Metadata-Version: 2.4
Name: stash
Version: 0.3.0
Description-Content-Type: text/markdown; charset=UTF-8; variant=GFM

# Stash: stable hash and object stash

Stash assigns a stable hash to arbitrary Python objects, mutable or immutable,
based on its state at the time of hashing.

```python
>>> import stash
>>> d = [{1: 2}, 3]
>>> h = stash.hash(d)
>>> h.hex()
'acb6b358dde6ee740b18dff8232cce8f'
```

## Why not use Python's built-in [hash](https://docs.python.org/3/library/functions.html#hash)?

Python's hash differs from the stash hash in three important ways: 1. it is
supported only by a limited class of immutable objects; 2. it is not stable
between restarts, i.e. after restarting Python the same object may be assigned
a different hash, and 3. Python promises only that an equal objects have equal
hashes. Stash also guarantees the converse: equal hashes imply some notion of
object equality.

## Don't make promises you cannot keep.

You're referring to the fact that since we are mapping an infinite space of
potential objects to a finite space of hashes, there are bound to be
collisions. This is true. But by keeping track of previously seen objects we
can guarantee uniqueness within that set. If a collision happens we raise an
exception rather than return a colliding hash.
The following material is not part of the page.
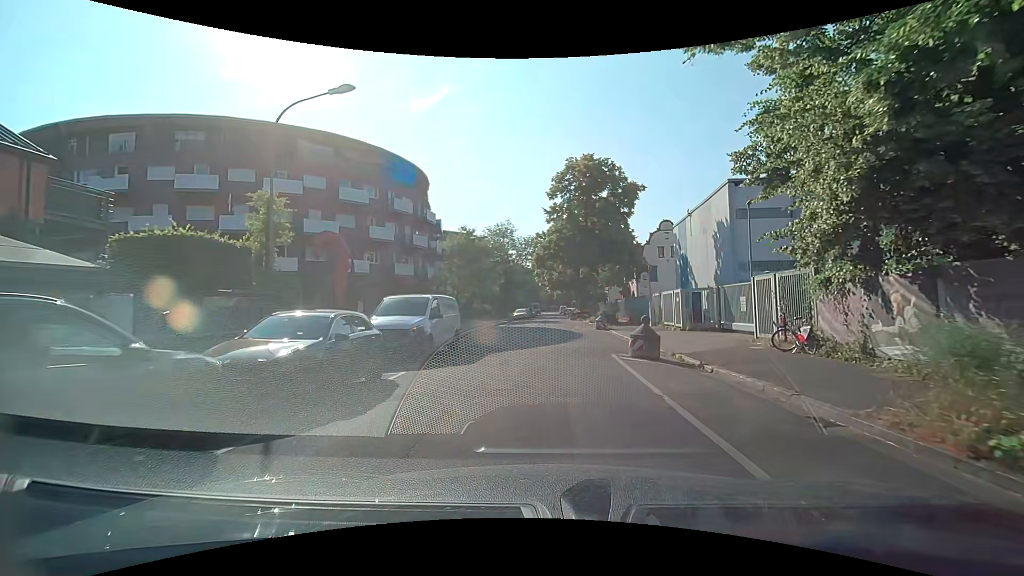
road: residential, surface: asphalt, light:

## When a collision happens.

This is the question. By using a 128 bit hash function with good distribution
properties (we use cityhash) the chance of a collision occuring is exceedingly
small. To quantify this: at 128 bits it takes an input set of 18 quintillion
(2^64) objects for the expected number of collisions to reach 1. This makes it
permissible to make collisions an unrecoverable error in most applications.

## What is the main use case?

Caching. If the output of a function is determined entirely by its arguments,
then it may be worthwhile to hold on to this value in case the function is
called with the same set of arguments later. However, this means having to make
potentially expensive deep comparisons to all previously seen arguments every
time we call the function. Worse, it also means having to make deep copies of
all the arguments to protect against future external mutations. All of this is
solved by making a hash of the arguments, and comparing it against earlier
hashes, which is precicely what stash provides.

## How does it work?

In short, stash serializes an object to bytes and hashes the serialization.

## Wait, can't we just hash a [pickle](https://docs.python.org/3/library/pickle.html) stream then?

Well, yes. But pickle stores more than what you are likely interested in, such
as the insertion order of dictionaries, so that `{'a': 1, 'b': 2}` and `{'b':
2, 'a': 1}` would end up receiving different hashes resulting in a cache miss.
Likewise, objects that contain multiple references to an object receive a
different hash than one references multiple copies. Stash loosely follows
Python's equality operator to decide which objects are assigned a unique hash.

## Loosely?

There is a fundamental problem with objects that do not test equal to
themselves, such as `float('nan')`: since the assigned hash is equal to itself,
we cannot identify object equality with hash equality. It is also not possible
to honour user defined `__eq__` methods, so we go by
[state](https://docs.python.org/3/library/pickle.html#object.__getstate__)
instead. Lastly there is an issue with `True`, `1` and `1.0` all testing equal.
This one is not fundamental, as we could very well assign all these objects the
same hash, but it adds some overhead, to no clear benefit as it is not at all
given that functions treat these objects the same. So here we make the
pragmatic choice of not doing the extra work.

## Can you say a bit more about how this works internally?

Stash works by recursively [reducing an
object](https://docs.python.org/3/library/pickle.html#object.__reduce__) and
stashing the components, which directly explains how common values are
deduplicated: stashing the same object twice simply returns a reference to an
existing hash entry. The resulting collection of hashes is bundled and hashed
to form the hash of the object, [Merkle
tree](https://en.wikipedia.org/wiki/Merkle_tree)-style. A detailed overview of
the protocol can be found [here](PROTOCOL.md).

## Reducing objects recursively sounds slow. Is it slow?

Stash is implemented in rust for minimum overhead. It also keeps track of
object ids seen before during serialization, to avoid recursing into the same
object several times over. Stash is faster than pickle without collision
checks, or roughly half as fast with in-memory collision checks.

## This all sounds great. Can I use it yet?

Better not. The project is under active development and the protocol not
finalized, so none of the stability guarantees are worth much yet. Hopefully
soon though! Watch this space for releases to stay up to date.